### Action item:
Go through the data below and transcribe it exactly. Omit the images.

START Supplied material

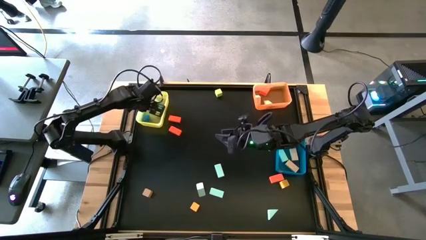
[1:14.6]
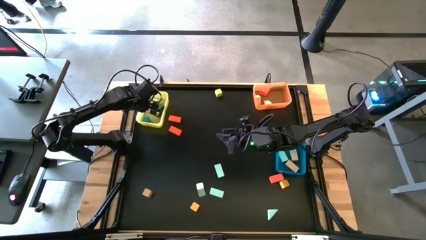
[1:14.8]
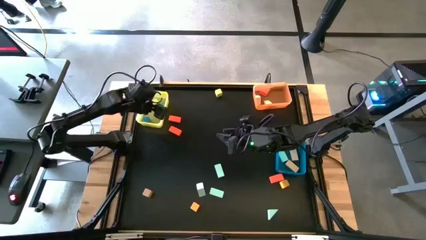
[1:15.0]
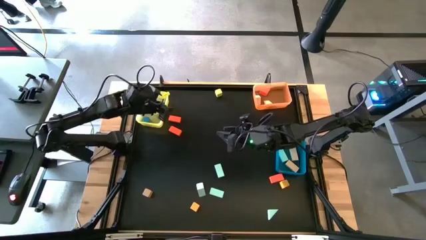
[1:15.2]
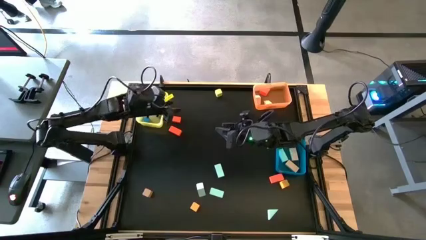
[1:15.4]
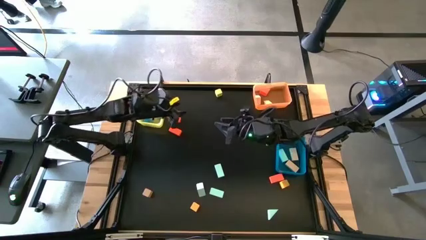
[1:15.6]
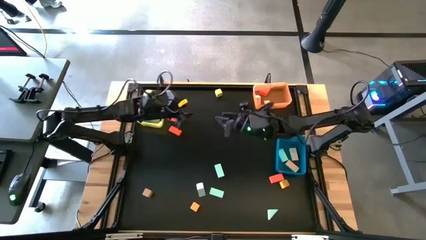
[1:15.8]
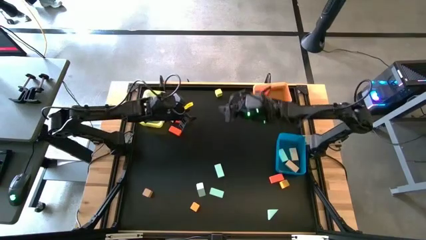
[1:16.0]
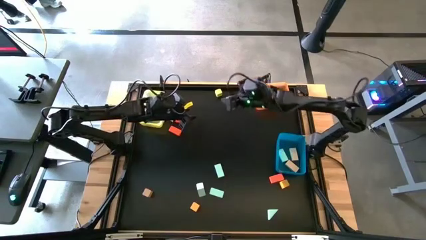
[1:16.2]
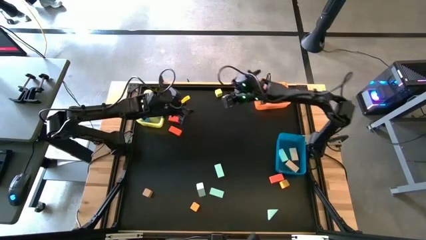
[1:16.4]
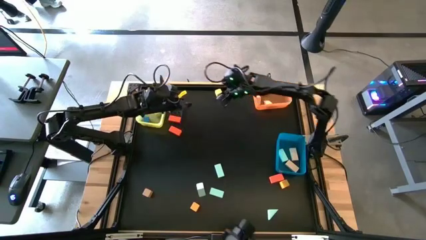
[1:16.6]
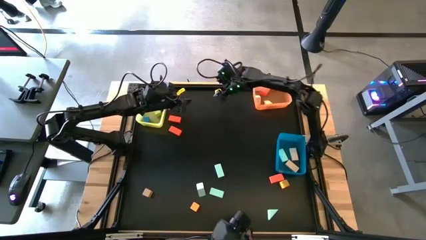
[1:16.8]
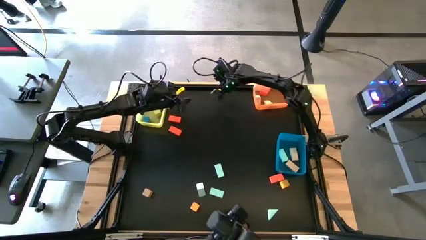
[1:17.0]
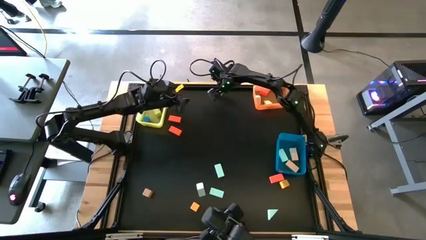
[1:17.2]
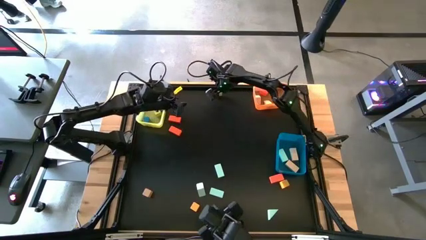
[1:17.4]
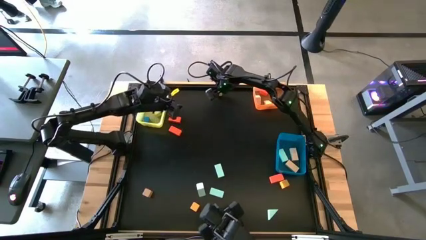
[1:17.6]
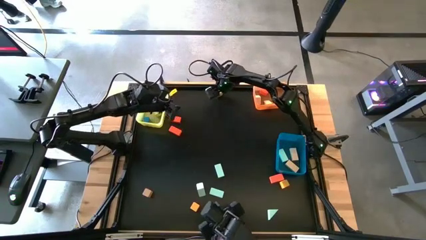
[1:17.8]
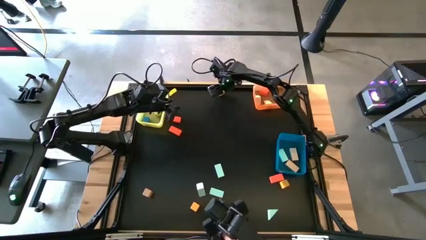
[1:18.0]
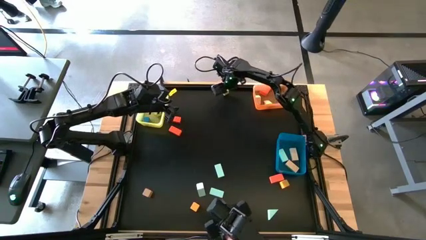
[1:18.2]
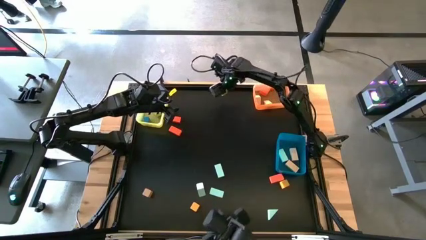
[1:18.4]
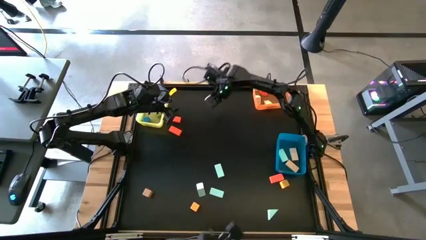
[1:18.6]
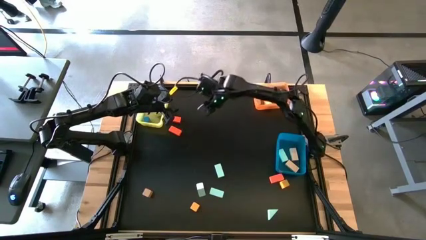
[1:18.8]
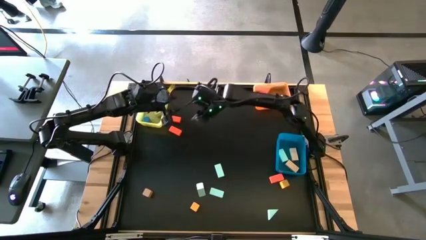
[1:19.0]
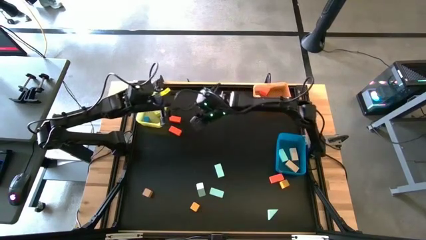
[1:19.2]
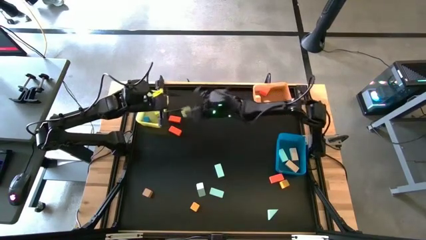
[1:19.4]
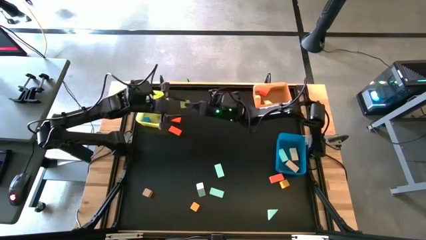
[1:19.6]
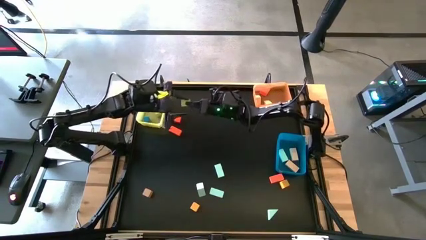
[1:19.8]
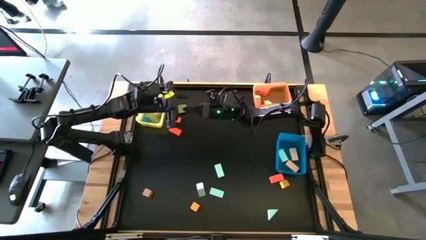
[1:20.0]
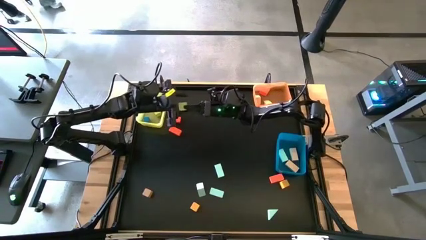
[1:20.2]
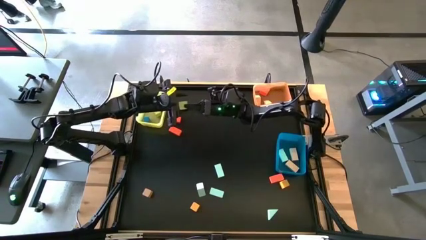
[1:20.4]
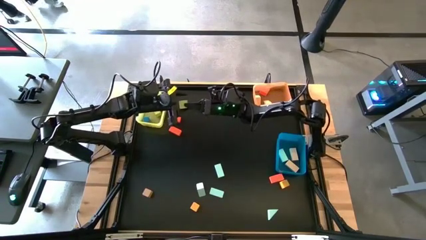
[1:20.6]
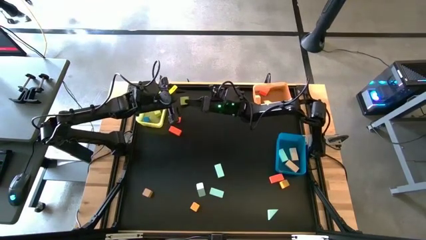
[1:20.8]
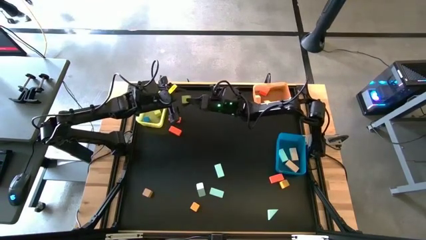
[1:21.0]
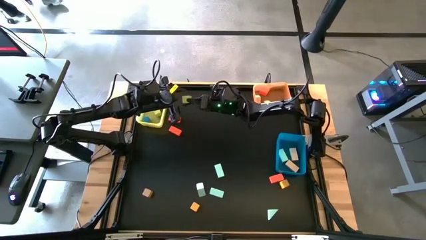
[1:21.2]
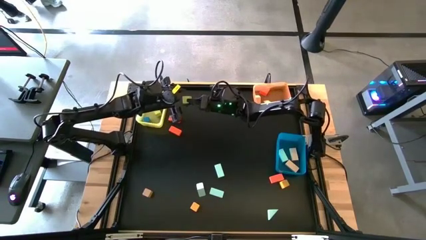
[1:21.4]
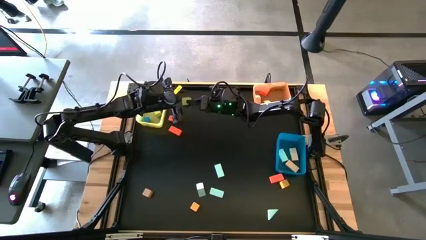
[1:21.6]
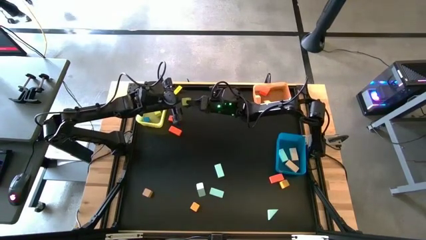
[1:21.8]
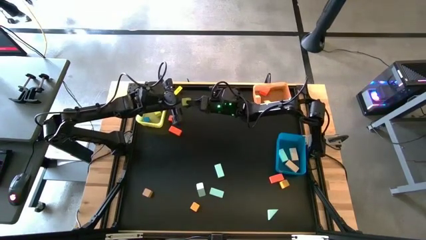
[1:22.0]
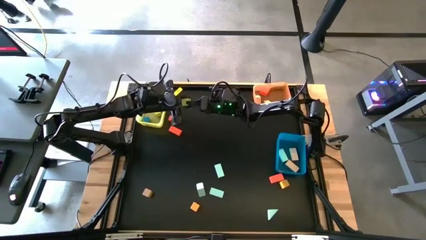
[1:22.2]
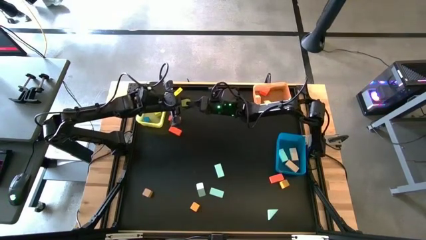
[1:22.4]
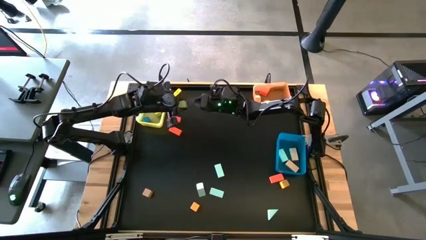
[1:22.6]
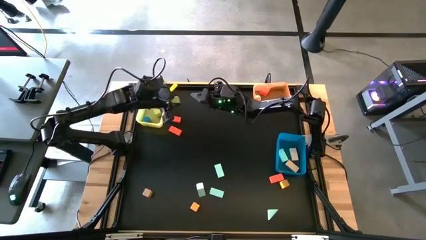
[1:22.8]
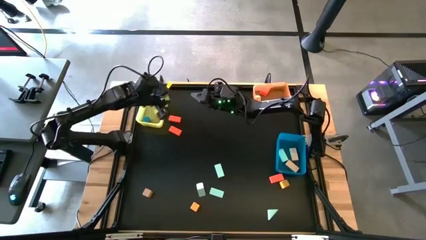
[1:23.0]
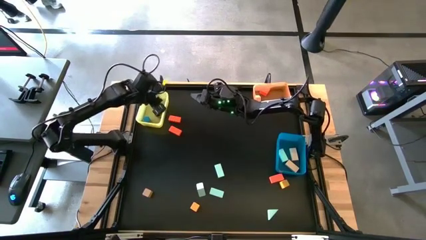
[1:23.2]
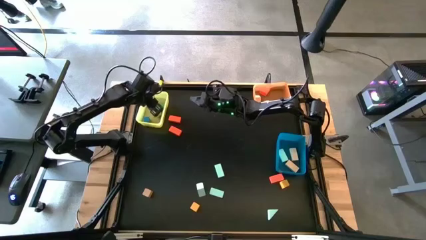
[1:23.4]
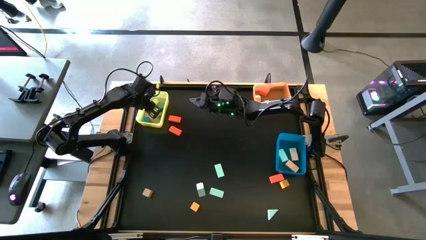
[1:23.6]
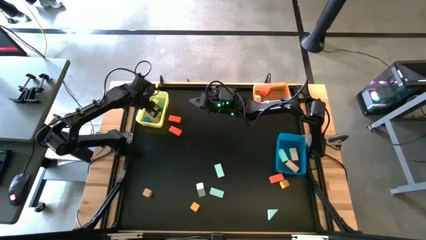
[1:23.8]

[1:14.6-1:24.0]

END Supplied material

### Task output:
[1:14.6]
[1:14.8]
[1:15.0]
[1:15.2]
[1:15.4]
[1:15.6]
[1:15.8]
[1:16.0]
[1:16.2]
[1:16.4]
[1:16.6]
[1:16.8]
[1:17.0]
[1:17.2]
[1:17.4]
[1:17.6]
[1:17.8]
[1:18.0]
[1:18.2]
[1:18.4]
[1:18.6]
[1:18.8]
[1:19.0]
[1:19.2]
[1:19.4]
[1:19.6]
[1:19.8]
[1:20.0]
[1:20.2]
[1:20.4]
[1:20.6]
[1:20.8]
[1:21.0]
[1:21.2]
[1:21.4]
[1:21.6]
[1:21.8]
[1:22.0]
[1:22.2]
[1:22.4]
[1:22.6]
[1:22.8]
[1:23.0]
[1:23.2]
[1:23.4]
[1:23.6]
[1:23.8]

[1:14.6-1:24.0]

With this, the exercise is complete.